First of all, Watson states "The question is whether the links with Papias are conceivable for Clement, or whether they betray the work of a modern forger who has used the Papias excerpts as a template for his own work." But this is obviously a false dichotomy. As I have repeatedly pointed out, these are not the only alternatives for authorship of To Theodore. A third alternative is that it is the work of an ancient forger, who has used the Papias excerpts as a template for his own work. Nor can I find comprehensible Watson's claim that:
The author here derives from Papias both phraseology and a template for his own very different account of the limitations of Mark’s Gospel. This compositional procedure is more plausibly ascribed to a modern author than to a second-century one.
Why?
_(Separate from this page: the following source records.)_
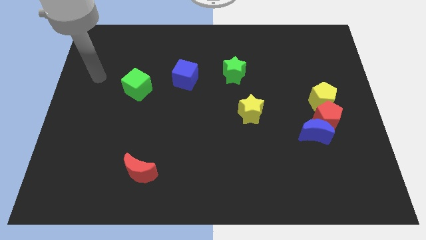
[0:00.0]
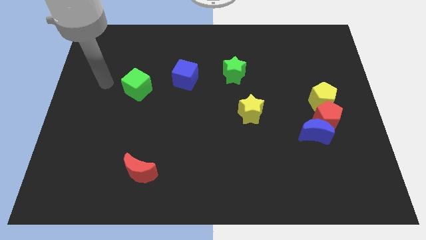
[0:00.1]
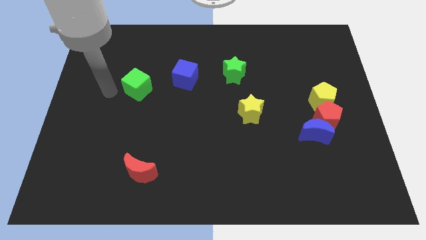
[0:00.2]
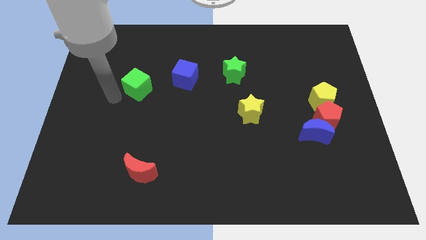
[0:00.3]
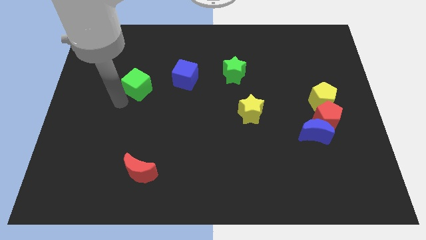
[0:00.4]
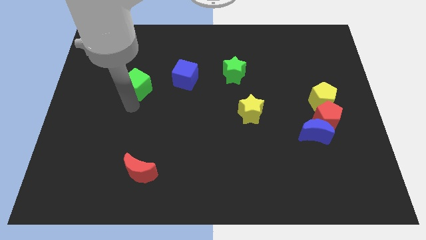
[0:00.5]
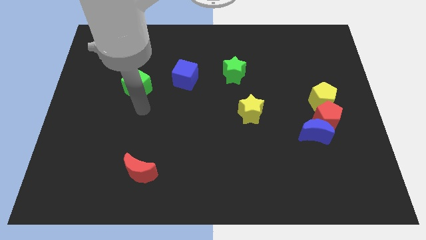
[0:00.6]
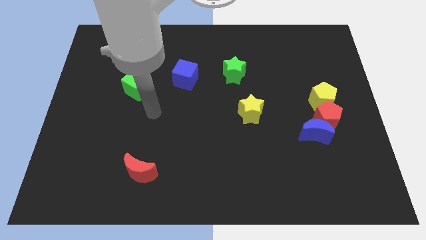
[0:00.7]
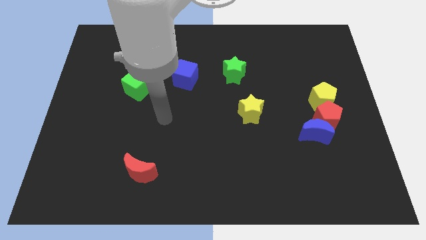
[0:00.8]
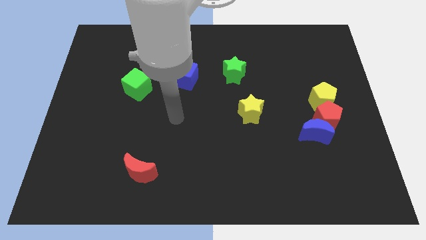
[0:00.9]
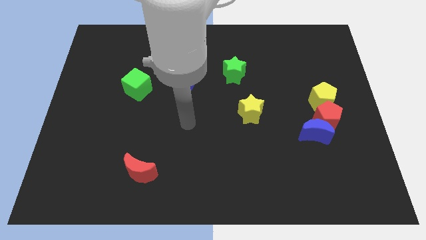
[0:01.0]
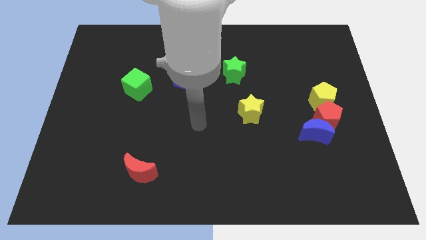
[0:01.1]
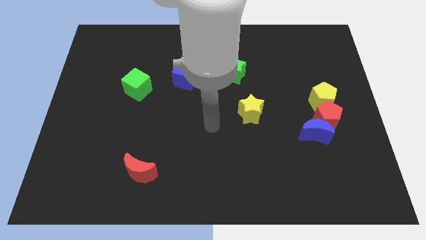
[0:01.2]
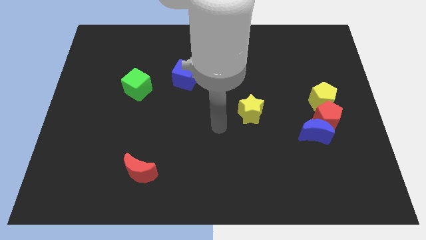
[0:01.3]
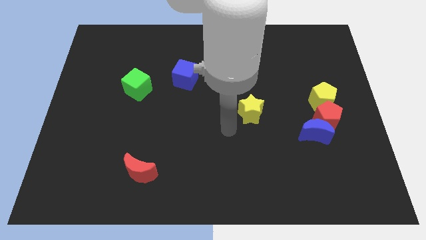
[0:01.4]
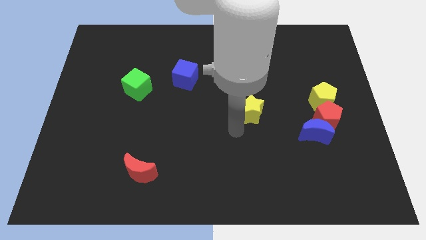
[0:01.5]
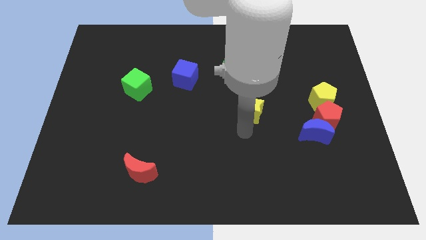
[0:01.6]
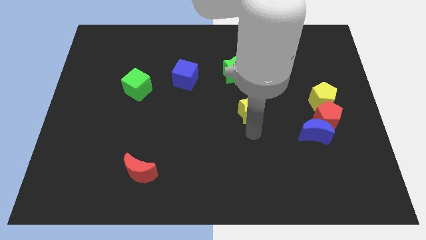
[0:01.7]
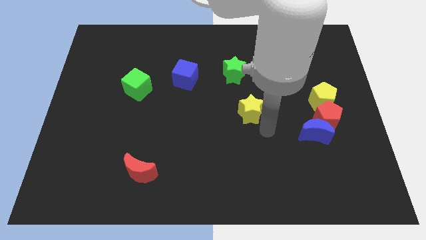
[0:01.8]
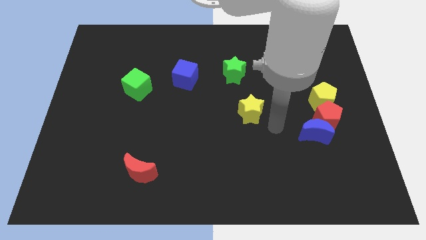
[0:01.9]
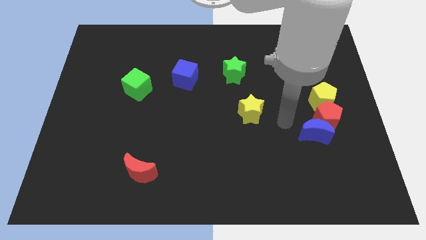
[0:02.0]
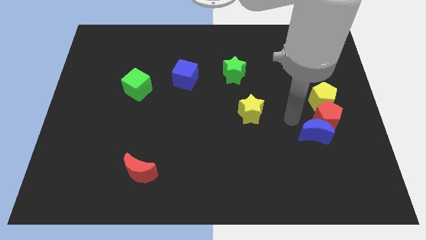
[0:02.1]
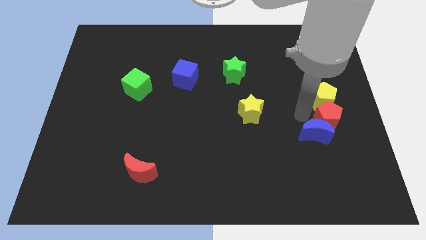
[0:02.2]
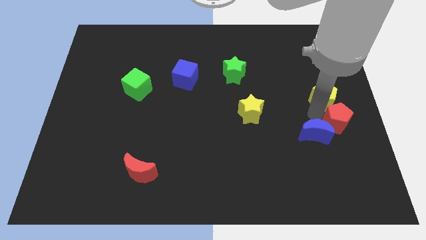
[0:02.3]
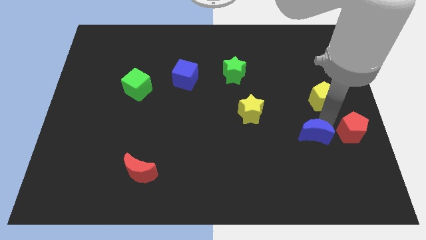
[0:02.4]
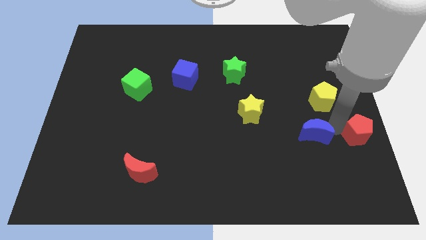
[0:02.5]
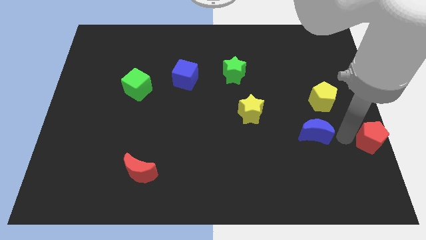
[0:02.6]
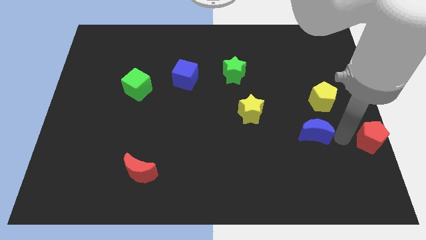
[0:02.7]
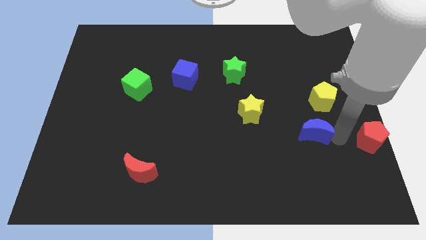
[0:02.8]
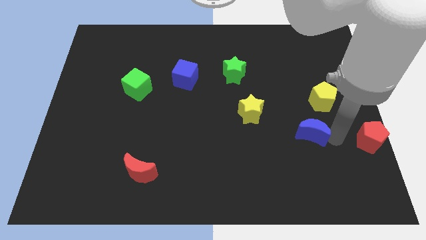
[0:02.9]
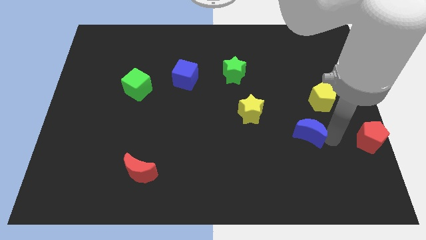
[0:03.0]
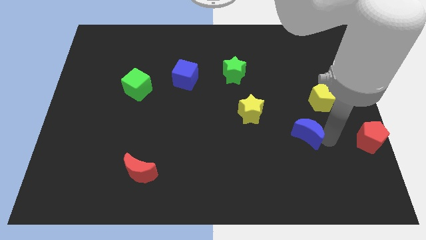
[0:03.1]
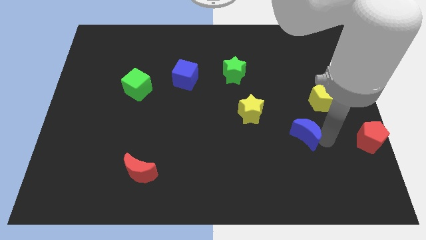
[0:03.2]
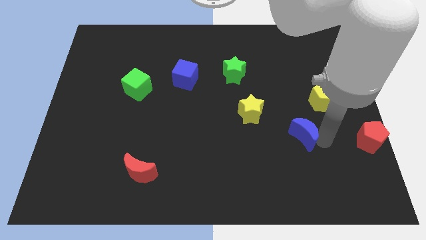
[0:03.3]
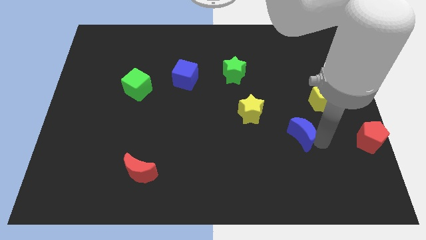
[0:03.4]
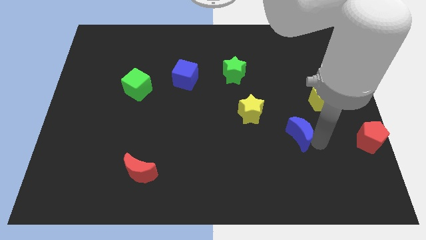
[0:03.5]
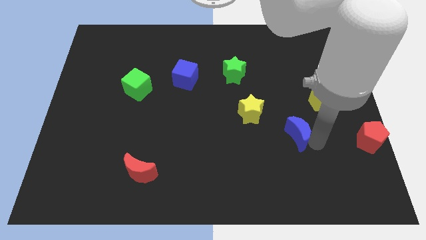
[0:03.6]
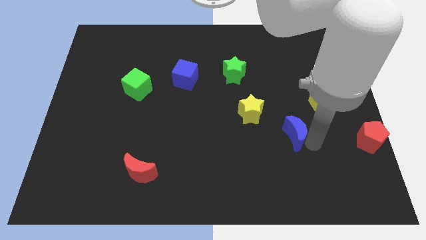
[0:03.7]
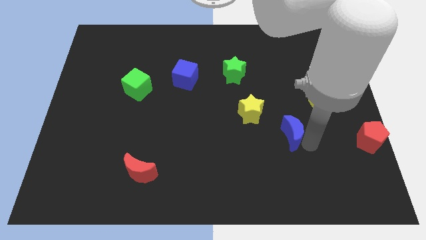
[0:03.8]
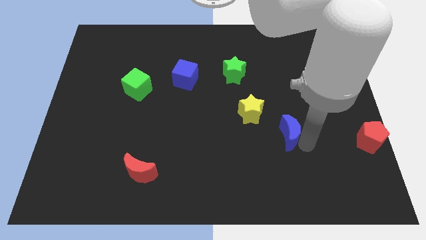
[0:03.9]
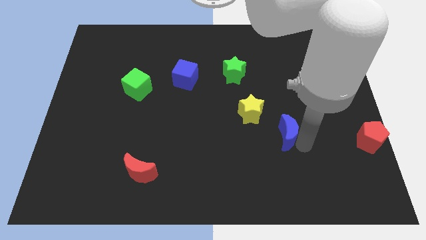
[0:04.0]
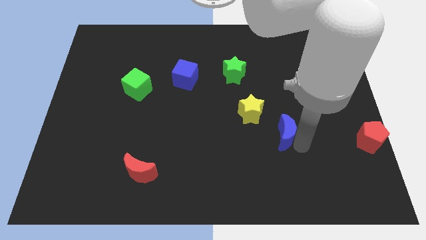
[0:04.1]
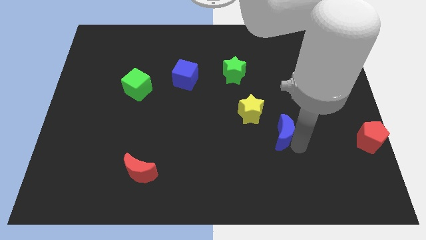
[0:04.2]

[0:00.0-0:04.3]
slightly move the blue moon left

Standard synoptic source-criticism routinely assumes that GMt and GLk, for example, derive from GMk both a phraseology and a template for their very own different accounts of the gospel. How on earth is this in any way a procedure more modern than ancient?
And the author's continuing reliance on Papias, if demonstrated by Watson, only serves to demonstrate my own claim: that the second/third-century pseudo-Clementine author was composing a textual history for both canonical and secret Mark that had no actual basis in fact. A disciple of Jesus named "Mark" did not compose either gospel, nor was canonical Mark written first. Instead, SGM was written first, in the second century, followed by the canonical revision. The author of To Theodore may very well have Papias in front of him as he tries to spin a more proto-orthodox history for Theodore's benefit. Watson has perhaps performed fine research here, but he (like Smith, ironically) unforunately follows it to the wrong conclusions.